Question

108 g of silver (molar mass 108 ${\text{g mo}}{{\text{l}}^ - }$ ) is deposited at cathode from ${\text{AgN}}{{\text{O}}_3}\left( {{\text{aq}}} \right)$ solution by a certain quantity of electricity. The volume (in L) of oxygen gas produced at 273 K and 1 bar pressure from water by the same quantity of electricity is:

Answer 1

The above question is based on Faraday law of electrolysis. We will first calculate the electricity consumed by silver ions. Then we will calculate the number of moles produced during hydrolysis for water with the same electricity.
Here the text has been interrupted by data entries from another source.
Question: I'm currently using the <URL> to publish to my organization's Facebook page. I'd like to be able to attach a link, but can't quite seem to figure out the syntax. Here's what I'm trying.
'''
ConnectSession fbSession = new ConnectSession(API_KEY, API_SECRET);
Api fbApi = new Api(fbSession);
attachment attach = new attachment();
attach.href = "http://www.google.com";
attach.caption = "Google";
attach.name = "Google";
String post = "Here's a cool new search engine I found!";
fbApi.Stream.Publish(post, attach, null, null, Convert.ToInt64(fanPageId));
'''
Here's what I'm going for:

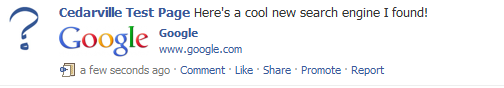
Answer: 1. Don't use that the Facebook Developer Toolkit because it's not being properly supported (personal opinion :P) use the FacebookC#SDK
2. What you want to post are referred to as 'action_links' and can only be posted using the OLD REST API, not the new graph api (https://api.facebook.com/method/stream.publish)
3. In order to post it you need to encode the JSON in the form: action_links: [ { text: "TITLE", href: "LINK"} ]
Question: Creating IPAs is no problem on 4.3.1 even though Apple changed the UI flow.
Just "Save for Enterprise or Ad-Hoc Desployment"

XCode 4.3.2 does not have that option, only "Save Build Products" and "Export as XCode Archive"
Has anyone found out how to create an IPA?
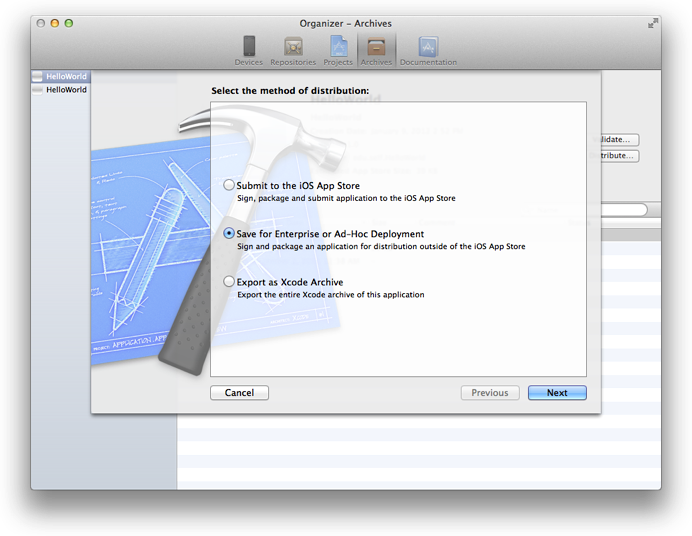
Answer: This was not related to XCode 4.3.2 and resolved by making sure that the current scheme did only archive one target.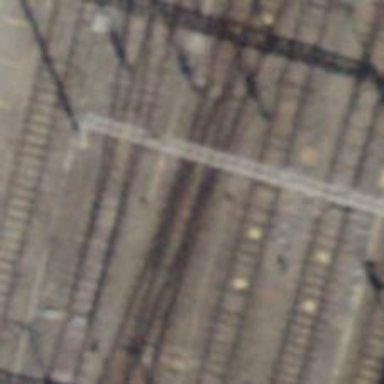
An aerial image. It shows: Railway switch.
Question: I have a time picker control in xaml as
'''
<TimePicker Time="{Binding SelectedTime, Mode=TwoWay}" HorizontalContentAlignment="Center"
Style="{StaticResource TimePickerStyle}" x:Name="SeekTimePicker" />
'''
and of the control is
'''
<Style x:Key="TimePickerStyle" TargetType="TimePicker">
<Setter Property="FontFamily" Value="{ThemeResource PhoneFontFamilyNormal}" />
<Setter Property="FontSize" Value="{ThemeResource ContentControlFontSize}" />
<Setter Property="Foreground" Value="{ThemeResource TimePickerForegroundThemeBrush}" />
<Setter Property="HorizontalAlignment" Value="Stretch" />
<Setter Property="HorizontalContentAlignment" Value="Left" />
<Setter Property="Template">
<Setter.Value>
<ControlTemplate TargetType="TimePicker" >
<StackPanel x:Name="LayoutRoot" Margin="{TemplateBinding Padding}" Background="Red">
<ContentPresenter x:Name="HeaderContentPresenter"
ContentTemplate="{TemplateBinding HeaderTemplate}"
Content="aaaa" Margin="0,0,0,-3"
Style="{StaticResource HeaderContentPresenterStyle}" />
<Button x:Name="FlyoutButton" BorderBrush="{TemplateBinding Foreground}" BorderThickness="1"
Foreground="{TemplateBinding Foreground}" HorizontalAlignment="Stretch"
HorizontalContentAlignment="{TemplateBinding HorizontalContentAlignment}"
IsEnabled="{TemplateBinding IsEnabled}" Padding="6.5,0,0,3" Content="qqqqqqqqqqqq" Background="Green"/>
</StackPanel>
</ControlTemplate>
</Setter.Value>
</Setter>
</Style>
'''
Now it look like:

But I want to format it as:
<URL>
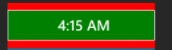
Answer: This can do by editing template inside time picker style as below
'''
<Style x:Key="TimePickerStyle" TargetType="TimePicker">
<Setter Property="FontFamily" Value="{ThemeResource PhoneFontFamilyNormal}" />
<Setter Property="FontSize" Value="{ThemeResource ContentControlFontSize}" />
<Setter Property="Foreground" Value="{ThemeResource TimePickerForegroundThemeBrush}" />
<Setter Property="HorizontalAlignment" Value="Stretch" />
<Setter Property="HorizontalContentAlignment" Value="Left" />
<Setter Property="Template">
<Setter.Value>
<ControlTemplate TargetType="TimePicker">
<StackPanel x:Name="LayoutRoot" Margin="{TemplateBinding Padding}">
<ContentPresenter x:Name="HeaderContentPresenter"
ContentTemplate="{TemplateBinding HeaderTemplate}"
Content="{TemplateBinding Header}" Margin="0,0,0,-3"
Style="{StaticResource HeaderContentPresenterStyle}" />
<Button x:Name="FlyoutButton" BorderBrush="{TemplateBinding Foreground}" BorderThickness="1"
Foreground="{TemplateBinding Foreground}" HorizontalAlignment="Stretch"
HorizontalContentAlignment="{TemplateBinding HorizontalContentAlignment}"
IsEnabled="{TemplateBinding IsEnabled}" Padding="6.5,0,0,3" >
<Button.ContentTemplate>
<DataTemplate>
<TextBlock Text="{Binding ElementName=FlyoutButton,Path=DataContext.SelectedTimeText}"/>
</DataTemplate>
</Button.ContentTemplate>
</Button>
</StackPanel>
</ControlTemplate>
</Setter.Value>
</Setter>
</Style>
'''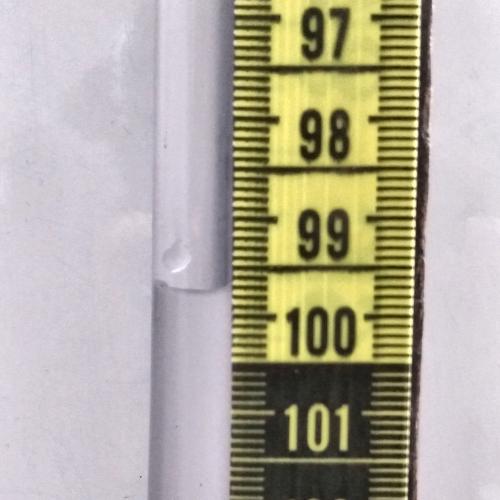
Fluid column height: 99.7 cm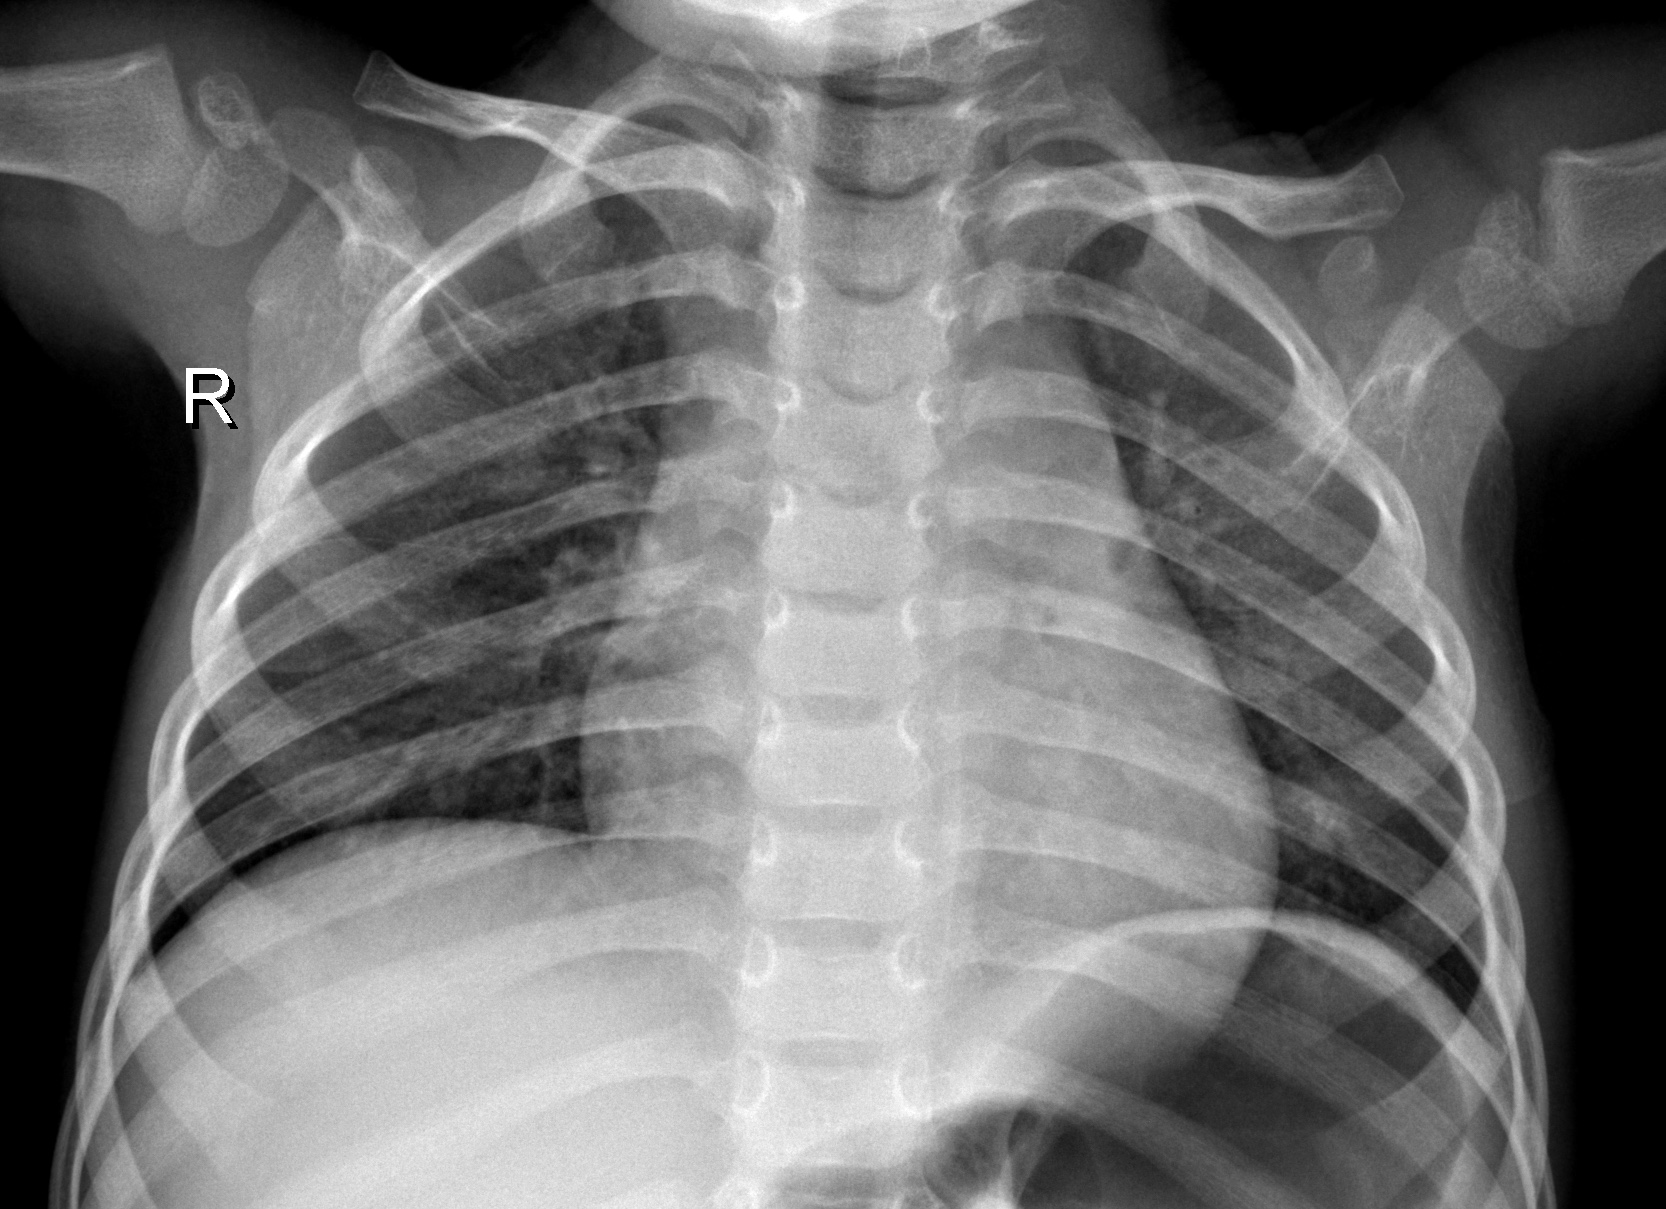
Diagnosis: NORMAL

Using the ideal gas equation we will get the volume.
Formula used:
${\text{PV}} = {\text{nRT}}$
Here P is pressure, V is volume, n is number of moles, R is universal gas constant and T is temperature.

Complete step by step solution:
One Faraday is the charge carried by 1 mole of electrons. The reaction of decomposition of silver ion occurs as:
${\text{A}}{{\text{g}}^ + } + {{\text{e}}^ - } \to {\text{Ag}}$
As we can see, one mole of electrons is required to deposit the silver. This means that 1 Faraday of electricity must have been consumed.
The same amount that is 1 Faraday of electricity must have been given to water.
The decomposition of water occurs as:
${{\text{H}}_2}{\text{O}} \to \dfrac{1}{2}{{\text{O}}_2} + 2{{\text{H}}^ + } + {\text{2}}{{\text{e}}^ - }$
Here the exchange of 2 moles of electrons is taking place. 2 Faraday of electricity is consumed to form $\dfrac{1}{2}$ moles of oxygen. But we have only passed 1 F of electricity. So 1 F of electricity will give us $\dfrac{1}{4}$ moles of oxygen.
Using the ideal gas equation we will get:
${\text{V}} = \dfrac{1}{4} \times \dfrac{{0.082 \times 273}}{1} = 5.5965{\text{ L}}$

Note:
The faraday law states that the amount of change produced by current in an electrolytic cell is based on the amount of electricity passed through it. The second law stated that the change produced by the same quantity of electricity is passed through different solutions then the amount produced is proportional to their equivalent weight.